### Task:
Please transcribe the following records in full, exactly as given.
_ _ _ _ _
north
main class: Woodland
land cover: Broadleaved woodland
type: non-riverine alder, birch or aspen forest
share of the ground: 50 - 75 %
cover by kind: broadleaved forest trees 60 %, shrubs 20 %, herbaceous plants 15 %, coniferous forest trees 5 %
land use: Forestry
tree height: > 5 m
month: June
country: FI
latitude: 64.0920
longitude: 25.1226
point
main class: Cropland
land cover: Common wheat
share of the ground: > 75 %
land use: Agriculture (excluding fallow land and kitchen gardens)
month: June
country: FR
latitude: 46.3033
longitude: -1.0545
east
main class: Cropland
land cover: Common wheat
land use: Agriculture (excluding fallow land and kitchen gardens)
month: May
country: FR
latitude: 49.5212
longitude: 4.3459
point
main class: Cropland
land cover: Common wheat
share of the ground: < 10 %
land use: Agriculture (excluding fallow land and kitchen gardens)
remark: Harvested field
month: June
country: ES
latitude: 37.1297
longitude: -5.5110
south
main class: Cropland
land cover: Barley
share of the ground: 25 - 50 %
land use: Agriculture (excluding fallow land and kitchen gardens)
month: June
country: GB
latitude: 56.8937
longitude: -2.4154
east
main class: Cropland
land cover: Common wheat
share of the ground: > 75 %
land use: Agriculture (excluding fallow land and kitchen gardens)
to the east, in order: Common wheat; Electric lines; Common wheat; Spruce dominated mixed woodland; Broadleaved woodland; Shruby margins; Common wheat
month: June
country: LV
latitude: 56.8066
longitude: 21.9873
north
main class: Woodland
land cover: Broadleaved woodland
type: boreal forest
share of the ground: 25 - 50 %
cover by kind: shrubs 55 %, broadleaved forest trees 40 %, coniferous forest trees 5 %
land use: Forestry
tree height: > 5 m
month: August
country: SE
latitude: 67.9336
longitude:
_ _ _ _ _
### Written reply:
north
main class: Woodland
land cover: Broadleaved woodland
type: non-riverine alder, birch or aspen forest
share of the ground: 50 - 75 %
cover by kind: broadleaved forest trees 60 %, shrubs 20 %, herbaceous plants 15 %, coniferous forest trees 5 %
land use: Forestry
tree height: > 5 m
month: June
country: FI
latitude: 64.0920
longitude: 25.1226
point
main class: Cropland
land cover: Common wheat
share of the ground: > 75 %
land use: Agriculture (excluding fallow land and kitchen gardens)
month: June
country: FR
latitude: 46.3033
longitude: -1.0545
east
main class: Cropland
land cover: Common wheat
land use: Agriculture (excluding fallow land and kitchen gardens)
month: May
country: FR
latitude: 49.5212
longitude: 4.3459
point
main class: Cropland
land cover: Common wheat
share of the ground: < 10 %
land use: Agriculture (excluding fallow land and kitchen gardens)
remark: Harvested field
month: June
country: ES
latitude: 37.1297
longitude: -5.5110
south
main class: Cropland
land cover: Barley
share of the ground: 25 - 50 %
land use: Agriculture (excluding fallow land and kitchen gardens)
month: June
country: GB
latitude: 56.8937
longitude: -2.4154
east
main class: Cropland
land cover: Common wheat
share of the ground: > 75 %
land use: Agriculture (excluding fallow land and kitchen gardens)
to the east, in order: Common wheat; Electric lines; Common wheat; Spruce dominated mixed woodland; Broadleaved woodland; Shruby margins; Common wheat
month: June
country: LV
latitude: 56.8066
longitude: 21.9873
north
main class: Woodland
land cover: Broadleaved woodland
type: boreal forest
share of the ground: 25 - 50 %
cover by kind: shrubs 55 %, broadleaved forest trees 40 %, coniferous forest trees 5 %
land use: Forestry
tree height: > 5 m
month: August
country: SE
latitude: 67.9336
longitude:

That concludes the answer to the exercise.